**TASK ITEM:** In the records below, find the line holding "#3080=VERTEX_POINT('',#3079);" and the line holding "#3113=EDGE_LOOP('',(#3109,#3110,#3111,#3112));". Set down both, with every line between them, exactly.

━━━━━ EXCERPTED RECORDS

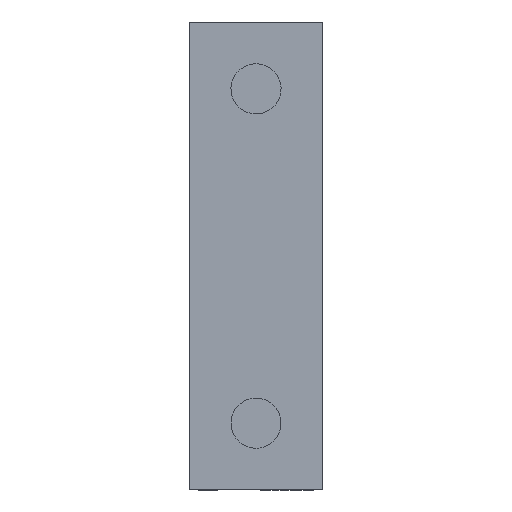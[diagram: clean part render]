
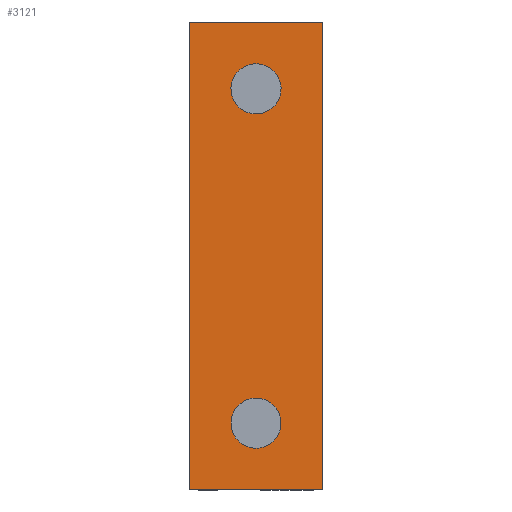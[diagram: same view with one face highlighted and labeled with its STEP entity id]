
A CAD part, left-side view. The second image highlights one B-rep face of the part: STEP entity #3121.
In plain terms, the highlighted free-form (B-spline) face has degree [1, 1] with [2, 2] control points.
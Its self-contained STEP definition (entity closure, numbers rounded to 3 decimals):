
#2039=CARTESIAN_POINT('',(0.,-1.495,-9.882));
#2040=VERTEX_POINT('',#2039);
#2046=CARTESIAN_POINT('',(0.0,0.0,-8.5));
#2047=VERTEX_POINT('',#2046);
#2048=CARTESIAN_POINT('',(0.0,0.0,-8.5));
#2049=CARTESIAN_POINT('',(0.0,-1.387,-8.5));
#2050=CARTESIAN_POINT('',(0.,-1.495,-9.882));
#2058=(BOUNDED_CURVE()B_SPLINE_CURVE(2,(#2048,#2049,#2050),.UNSPECIFIED.,.F.,.U.)B_SPLINE_CURVE_WITH_KNOTS((3,3),(0.0,0.236),.UNSPECIFIED.)CURVE()GEOMETRIC_REPRESENTATION_ITEM()RATIONAL_B_SPLINE_CURVE((1.0,0.723,0.97))REPRESENTATION_ITEM(''));
#2059=EDGE_CURVE('',#2047,#2040,#2058,.T.);
#2061=CARTESIAN_POINT('',(0.,1.495,-10.118));
#2062=VERTEX_POINT('',#2061);
#2063=CARTESIAN_POINT('',(0.,1.495,-10.118));
#2064=CARTESIAN_POINT('',(0.0,1.5,-10.059));
#2065=CARTESIAN_POINT('',(0.0,1.5,-10.0));
#2066=CARTESIAN_POINT('',(0.0,1.5,-8.5));
#2067=CARTESIAN_POINT('',(0.0,0.0,-8.5));
#2075=(BOUNDED_CURVE()B_SPLINE_CURVE(2,(#2063,#2064,#2065,#2066,#2067),.UNSPECIFIED.,.F.,.U.)B_SPLINE_CURVE_WITH_KNOTS((3,2,3),(0.736,0.75,1.0),.UNSPECIFIED.)CURVE()GEOMETRIC_REPRESENTATION_ITEM()RATIONAL_B_SPLINE_CURVE((0.97,0.984,1.0,0.707,1.0))REPRESENTATION_ITEM(''));
#2076=EDGE_CURVE('',#2062,#2047,#2075,.T.);
#2152=CARTESIAN_POINT('',(0.0,0.0,-11.5));
#2153=VERTEX_POINT('',#2152);
#2154=CARTESIAN_POINT('',(0.0,0.0,-11.5));
#2155=CARTESIAN_POINT('',(0.0,1.387,-11.5));
#2156=CARTESIAN_POINT('',(0.,1.495,-10.118));
#2164=(BOUNDED_CURVE()B_SPLINE_CURVE(2,(#2154,#2155,#2156),.UNSPECIFIED.,.F.,.U.)B_SPLINE_CURVE_WITH_KNOTS((3,3),(0.5,0.736),.UNSPECIFIED.)CURVE()GEOMETRIC_REPRESENTATION_ITEM()RATIONAL_B_SPLINE_CURVE((1.0,0.723,0.97))REPRESENTATION_ITEM(''));
#2165=EDGE_CURVE('',#2153,#2062,#2164,.T.);
#2167=CARTESIAN_POINT('',(0.,-1.495,-9.882));
#2168=CARTESIAN_POINT('',(0.0,-1.5,-9.941));
#2169=CARTESIAN_POINT('',(0.0,-1.5,-10.0));
#2170=CARTESIAN_POINT('',(0.0,-1.5,-11.5));
#2171=CARTESIAN_POINT('',(0.0,0.0,-11.5));
#2179=(BOUNDED_CURVE()B_SPLINE_CURVE(2,(#2167,#2168,#2169,#2170,#2171),.UNSPECIFIED.,.F.,.U.)B_SPLINE_CURVE_WITH_KNOTS((3,2,3),(0.236,0.25,0.5),.UNSPECIFIED.)CURVE()GEOMETRIC_REPRESENTATION_ITEM()RATIONAL_B_SPLINE_CURVE((0.97,0.984,1.0,0.707,1.0))REPRESENTATION_ITEM(''));
#2180=EDGE_CURVE('',#2040,#2153,#2179,.T.);
#2227=CARTESIAN_POINT('',(0.,-1.49,9.823));
#2228=VERTEX_POINT('',#2227);
#2234=CARTESIAN_POINT('',(0.0,0.0,11.5));
#2235=VERTEX_POINT('',#2234);
#2236=CARTESIAN_POINT('',(0.,-1.49,9.823));
#2237=CARTESIAN_POINT('',(0.0,-1.5,9.911));
#2238=CARTESIAN_POINT('',(0.0,-1.5,10.0));
#2239=CARTESIAN_POINT('',(0.0,-1.5,11.5));
#2240=CARTESIAN_POINT('',(0.0,0.0,11.5));
#2248=(BOUNDED_CURVE()B_SPLINE_CURVE(2,(#2236,#2237,#2238,#2239,#2240),.UNSPECIFIED.,.F.,.U.)B_SPLINE_CURVE_WITH_KNOTS((3,2,3),(0.23,0.25,0.5),.UNSPECIFIED.)CURVE()GEOMETRIC_REPRESENTATION_ITEM()RATIONAL_B_SPLINE_CURVE((0.956,0.976,1.0,0.707,1.0))REPRESENTATION_ITEM(''));
#2249=EDGE_CURVE('',#2228,#2235,#2248,.T.);
#2251=CARTESIAN_POINT('',(0.,1.497,10.092));
#2252=VERTEX_POINT('',#2251);
#2253=CARTESIAN_POINT('',(0.0,0.0,11.5));
#2254=CARTESIAN_POINT('',(0.0,1.411,11.5));
#2255=CARTESIAN_POINT('',(0.,1.497,10.092));
#2263=(BOUNDED_CURVE()B_SPLINE_CURVE(2,(#2253,#2254,#2255),.UNSPECIFIED.,.F.,.U.)B_SPLINE_CURVE_WITH_KNOTS((3,3),(0.5,0.739),.UNSPECIFIED.)CURVE()GEOMETRIC_REPRESENTATION_ITEM()RATIONAL_B_SPLINE_CURVE((1.0,0.72,0.976))REPRESENTATION_ITEM(''));
#2264=EDGE_CURVE('',#2235,#2252,#2263,.T.);
#2338=CARTESIAN_POINT('',(0.0,0.0,8.5));
#2339=VERTEX_POINT('',#2338);
#2340=CARTESIAN_POINT('',(0.,1.497,10.092));
#2341=CARTESIAN_POINT('',(0.0,1.5,10.046));
#2342=CARTESIAN_POINT('',(0.0,1.5,10.0));
#2343=CARTESIAN_POINT('',(0.0,1.5,8.5));
#2344=CARTESIAN_POINT('',(0.0,0.0,8.5));
#2352=(BOUNDED_CURVE()B_SPLINE_CURVE(2,(#2340,#2341,#2342,#2343,#2344),.UNSPECIFIED.,.F.,.U.)B_SPLINE_CURVE_WITH_KNOTS((3,2,3),(0.739,0.75,1.0),.UNSPECIFIED.)CURVE()GEOMETRIC_REPRESENTATION_ITEM()RATIONAL_B_SPLINE_CURVE((0.976,0.988,1.0,0.707,1.0))REPRESENTATION_ITEM(''));
#2353=EDGE_CURVE('',#2252,#2339,#2352,.T.);
#2355=CARTESIAN_POINT('',(0.0,0.0,8.5));
#2356=CARTESIAN_POINT('',(0.0,-1.332,8.5));
#2357=CARTESIAN_POINT('',(0.,-1.49,9.823));
#2365=(BOUNDED_CURVE()B_SPLINE_CURVE(2,(#2355,#2356,#2357),.UNSPECIFIED.,.F.,.U.)B_SPLINE_CURVE_WITH_KNOTS((3,3),(0.0,0.23),.UNSPECIFIED.)CURVE()GEOMETRIC_REPRESENTATION_ITEM()RATIONAL_B_SPLINE_CURVE((1.0,0.731,0.956))REPRESENTATION_ITEM(''));
#2366=EDGE_CURVE('',#2339,#2228,#2365,.T.);
#3074=CARTESIAN_POINT('',(0.,4.4,-15.399));
#3075=CARTESIAN_POINT('',(0.,-4.4,-15.399));
#3076=CARTESIAN_POINT('',(0.,4.4,15.399));
#3077=CARTESIAN_POINT('',(0.,-4.4,15.399));
#3078=B_SPLINE_SURFACE_WITH_KNOTS('',1,1,((#3074,#3076),(#3075,#3077)),.UNSPECIFIED.,.F.,.F.,.U.,(2,2),(2,2),(0.0,8.799),(0.0,30.797),.UNSPECIFIED.);
#3079=CARTESIAN_POINT('',(0.,4.0,14.0));
#3080=VERTEX_POINT('',#3079);
#3081=CARTESIAN_POINT('',(0.,-4.0,14.0));
#3082=VERTEX_POINT('',#3081);
#3083=CARTESIAN_POINT('',(0.,4.0,14.0));
#3084=CARTESIAN_POINT('',(0.,-4.0,14.0));
#3085=QUASI_UNIFORM_CURVE('',1,(#3083,#3084),.UNSPECIFIED.,.F.,.U.);
#3086=EDGE_CURVE('',#3080,#3082,#3085,.T.);
#3087=ORIENTED_EDGE('',*,*,#3086,.F.);
#3088=CARTESIAN_POINT('',(0.,4.0,-14.0));
#3089=VERTEX_POINT('',#3088);
#3090=CARTESIAN_POINT('',(0.,4.0,-14.0));
#3091=CARTESIAN_POINT('',(0.,4.0,14.0));
#3092=QUASI_UNIFORM_CURVE('',1,(#3090,#3091),.UNSPECIFIED.,.F.,.U.);
#3093=EDGE_CURVE('',#3089,#3080,#3092,.T.);
#3094=ORIENTED_EDGE('',*,*,#3093,.F.);
#3095=CARTESIAN_POINT('',(0.,-4.0,-14.0));
#3096=VERTEX_POINT('',#3095);
#3097=CARTESIAN_POINT('',(0.,4.0,-14.0));
#3098=CARTESIAN_POINT('',(0.,-4.0,-14.0));
#3099=QUASI_UNIFORM_CURVE('',1,(#3097,#3098),.UNSPECIFIED.,.F.,.U.);
#3100=EDGE_CURVE('',#3089,#3096,#3099,.T.);
#3101=ORIENTED_EDGE('',*,*,#3100,.T.);
#3102=CARTESIAN_POINT('',(0.,-4.0,-14.0));
#3103=CARTESIAN_POINT('',(0.,-4.0,14.0));
#3104=QUASI_UNIFORM_CURVE('',1,(#3102,#3103),.UNSPECIFIED.,.F.,.U.);
#3105=EDGE_CURVE('',#3096,#3082,#3104,.T.);
#3106=ORIENTED_EDGE('',*,*,#3105,.T.);
#3107=EDGE_LOOP('',(#3087,#3094,#3101,#3106));
#3108=FACE_OUTER_BOUND('',#3107,.T.);
#3109=ORIENTED_EDGE('',*,*,#2264,.F.);
#3110=ORIENTED_EDGE('',*,*,#2249,.F.);
#3111=ORIENTED_EDGE('',*,*,#2366,.F.);
#3112=ORIENTED_EDGE('',*,*,#2353,.F.);
#3113=EDGE_LOOP('',(#3109,#3110,#3111,#3112));
#3114=FACE_BOUND('',#3113,.T.);
#3115=ORIENTED_EDGE('',*,*,#2165,.T.);
#3116=ORIENTED_EDGE('',*,*,#2076,.T.);
#3117=ORIENTED_EDGE('',*,*,#2059,.T.);
#3118=ORIENTED_EDGE('',*,*,#2180,.T.);
#3119=EDGE_LOOP('',(#3115,#3116,#3117,#3118));
#3120=FACE_BOUND('',#3119,.T.);
#3121=ADVANCED_FACE('',(#3108,#3114,#3120),#3078,.T.);

━━━━━━━━━━

**REPLY:**
#3080=VERTEX_POINT('',#3079);
#3081=CARTESIAN_POINT('',(0.,-4.0,14.0));
#3082=VERTEX_POINT('',#3081);
#3083=CARTESIAN_POINT('',(0.,4.0,14.0));
#3084=CARTESIAN_POINT('',(0.,-4.0,14.0));
#3085=QUASI_UNIFORM_CURVE('',1,(#3083,#3084),.UNSPECIFIED.,.F.,.U.);
#3086=EDGE_CURVE('',#3080,#3082,#3085,.T.);
#3087=ORIENTED_EDGE('',*,*,#3086,.F.);
#3088=CARTESIAN_POINT('',(0.,4.0,-14.0));
#3089=VERTEX_POINT('',#3088);
#3090=CARTESIAN_POINT('',(0.,4.0,-14.0));
#3091=CARTESIAN_POINT('',(0.,4.0,14.0));
#3092=QUASI_UNIFORM_CURVE('',1,(#3090,#3091),.UNSPECIFIED.,.F.,.U.);
#3093=EDGE_CURVE('',#3089,#3080,#3092,.T.);
#3094=ORIENTED_EDGE('',*,*,#3093,.F.);
#3095=CARTESIAN_POINT('',(0.,-4.0,-14.0));
#3096=VERTEX_POINT('',#3095);
#3097=CARTESIAN_POINT('',(0.,4.0,-14.0));
#3098=CARTESIAN_POINT('',(0.,-4.0,-14.0));
#3099=QUASI_UNIFORM_CURVE('',1,(#3097,#3098),.UNSPECIFIED.,.F.,.U.);
#3100=EDGE_CURVE('',#3089,#3096,#3099,.T.);
#3101=ORIENTED_EDGE('',*,*,#3100,.T.);
#3102=CARTESIAN_POINT('',(0.,-4.0,-14.0));
#3103=CARTESIAN_POINT('',(0.,-4.0,14.0));
#3104=QUASI_UNIFORM_CURVE('',1,(#3102,#3103),.UNSPECIFIED.,.F.,.U.);
#3105=EDGE_CURVE('',#3096,#3082,#3104,.T.);
#3106=ORIENTED_EDGE('',*,*,#3105,.T.);
#3107=EDGE_LOOP('',(#3087,#3094,#3101,#3106));
#3108=FACE_OUTER_BOUND('',#3107,.T.);
#3109=ORIENTED_EDGE('',*,*,#2264,.F.);
#3110=ORIENTED_EDGE('',*,*,#2249,.F.);
#3111=ORIENTED_EDGE('',*,*,#2366,.F.);
#3112=ORIENTED_EDGE('',*,*,#2353,.F.);
#3113=EDGE_LOOP('',(#3109,#3110,#3111,#3112));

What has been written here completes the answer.